I’ve never felt familiar with the sky, I have always felt familiar with the earth, trees, grass, ocean and animals but the sky has seemed too big, too overwhelming to explore, until now. Now it seems part of my intimate life, part of my inner and outer world. I have become acutely aware that I am paying attention to things I had really never given much thought about.  There is a familiarity I feel now, but it’s always moving, we’re always moving. 

One thing farming has given me and taught me is to pay attention. Pay attention to the wind, the forecast the changes in daylight hours, soil temperature, the sounds, the rain, the humidity. Farming has taught me to see as much as my eyes can let in, and while I’m looking my brain is engaged. Farming has taught me to be present. When I started a zen meditation practice I realized that I already had developed some tools of attention, so my zen practice felt natural.  But my practice has helped to develop what I do with the information I receive, which did not feel natural. How would I react to what I was seeing yet had no control over? 

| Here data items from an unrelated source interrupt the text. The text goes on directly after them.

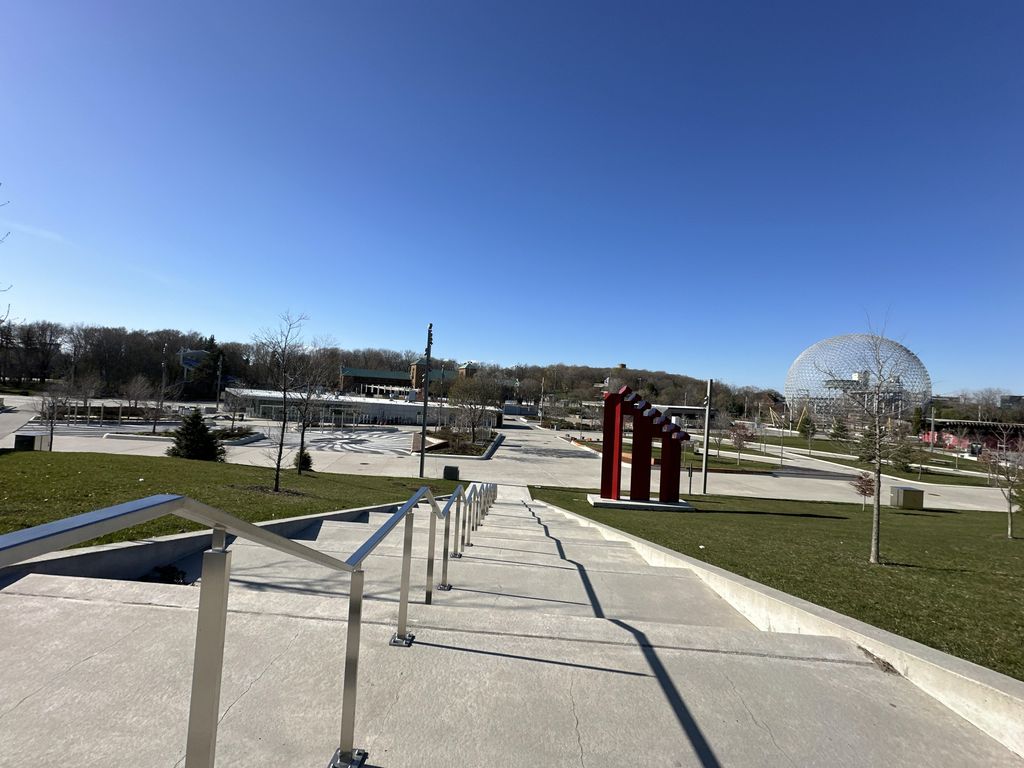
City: montreal
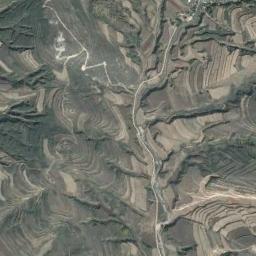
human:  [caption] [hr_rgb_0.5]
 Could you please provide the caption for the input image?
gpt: The mountains in the lower left corner of the image are covered by vegetation .

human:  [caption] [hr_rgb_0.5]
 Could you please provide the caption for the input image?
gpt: The folded mountain has some terraces and some roads go through the mountain .

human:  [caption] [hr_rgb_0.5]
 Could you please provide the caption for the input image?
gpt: The mountain is full of black soil .

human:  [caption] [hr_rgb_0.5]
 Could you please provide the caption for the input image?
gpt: The mountains are winding and undulating .

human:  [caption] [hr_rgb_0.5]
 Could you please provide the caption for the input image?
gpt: There are many terraces and some rivers on the mountain .
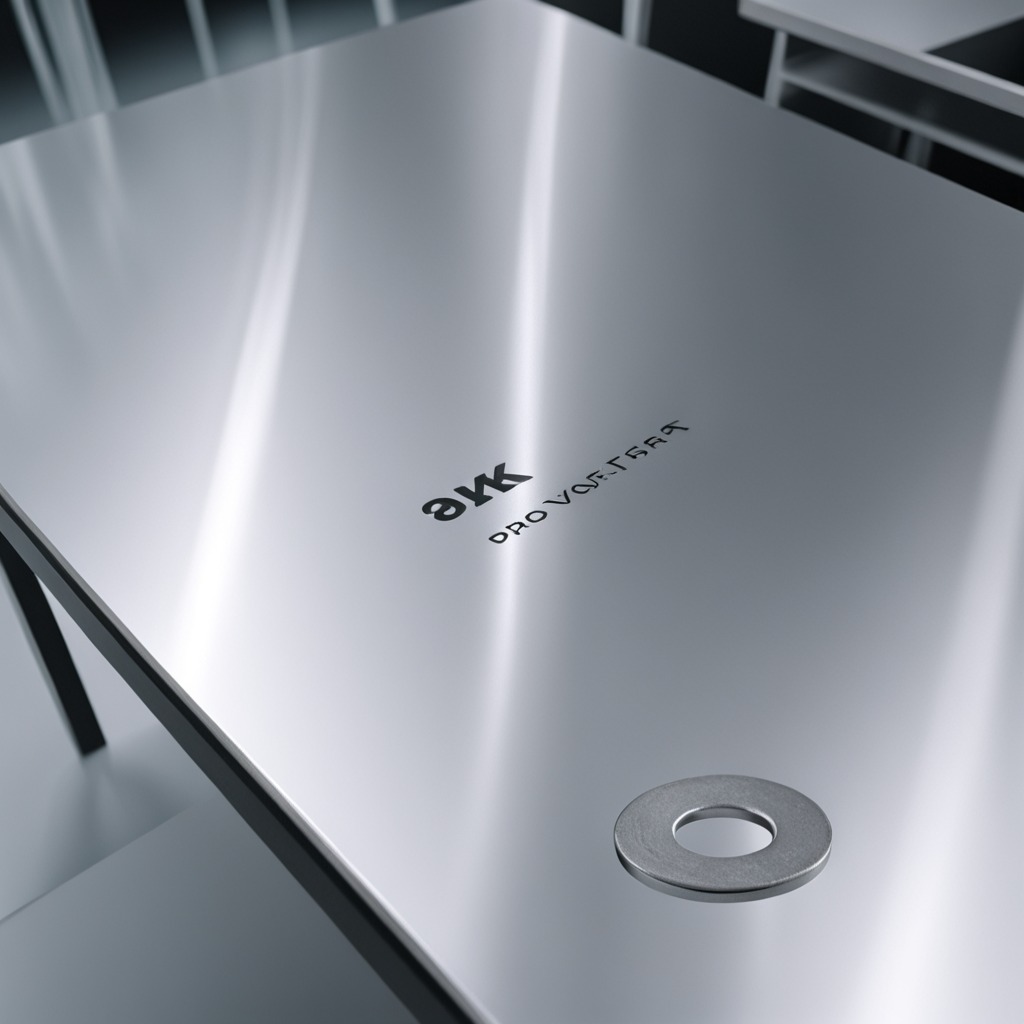
A flat metal washer is lying on the stainless steel table in a high-end prototyping lab.
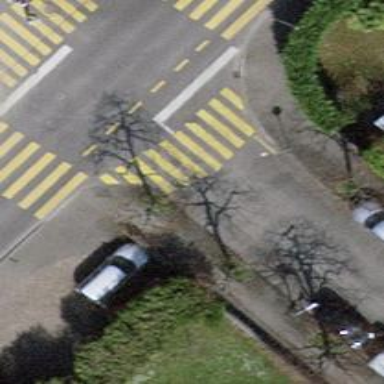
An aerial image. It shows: Uncontrolled road crossing.

Over time I have eluded to some kind of spiritual practice, but I have felt like not only is that a deeply personal matter but one I’ve been on the fence about for some time now. It’s uncomfortable for me to confront my lack of clarity and biases of religious life and spirituality. I’ve been very angry about religion equating it to the opposite of good, rather closer to evil doing. The polarizing conversations  about abortion or women’s rights and  gay marriage, immigration, poverty and  taxes has separated me and caused me to look at religion as an us against them scenario and I just can’t accept that. I know there are bad folks out there that mean others harm, but I also know that the majority of people are trying to do good.  I think it’s fair to say that we are all in many ways operating and navigating this life through our own personal experience and of course the influence of those around us. 

I welcome learning and exploring things that I don’t understand. I am not interested in being right or proving anyone wrong, but I am interested in challenging my own ideas and thoughts.  Tonight I am starting a series of classes called interreligious understanding at Philips Theological Seminary. I am really looking forward to gaining a better understanding of the wildly diverse and rich religious communities that exist in our lives. I do recognize that my hopes are that I will see more good, more commonalities more reasons to love that to separate. I’m hoping to learn that not all people of religious faiths want to bring me suffering and pain because I am gay. That, I too can share the sacredness of living on this planet.

One thing I have come to learn about myself, when I think I'm really really right...well, usually I was wrong.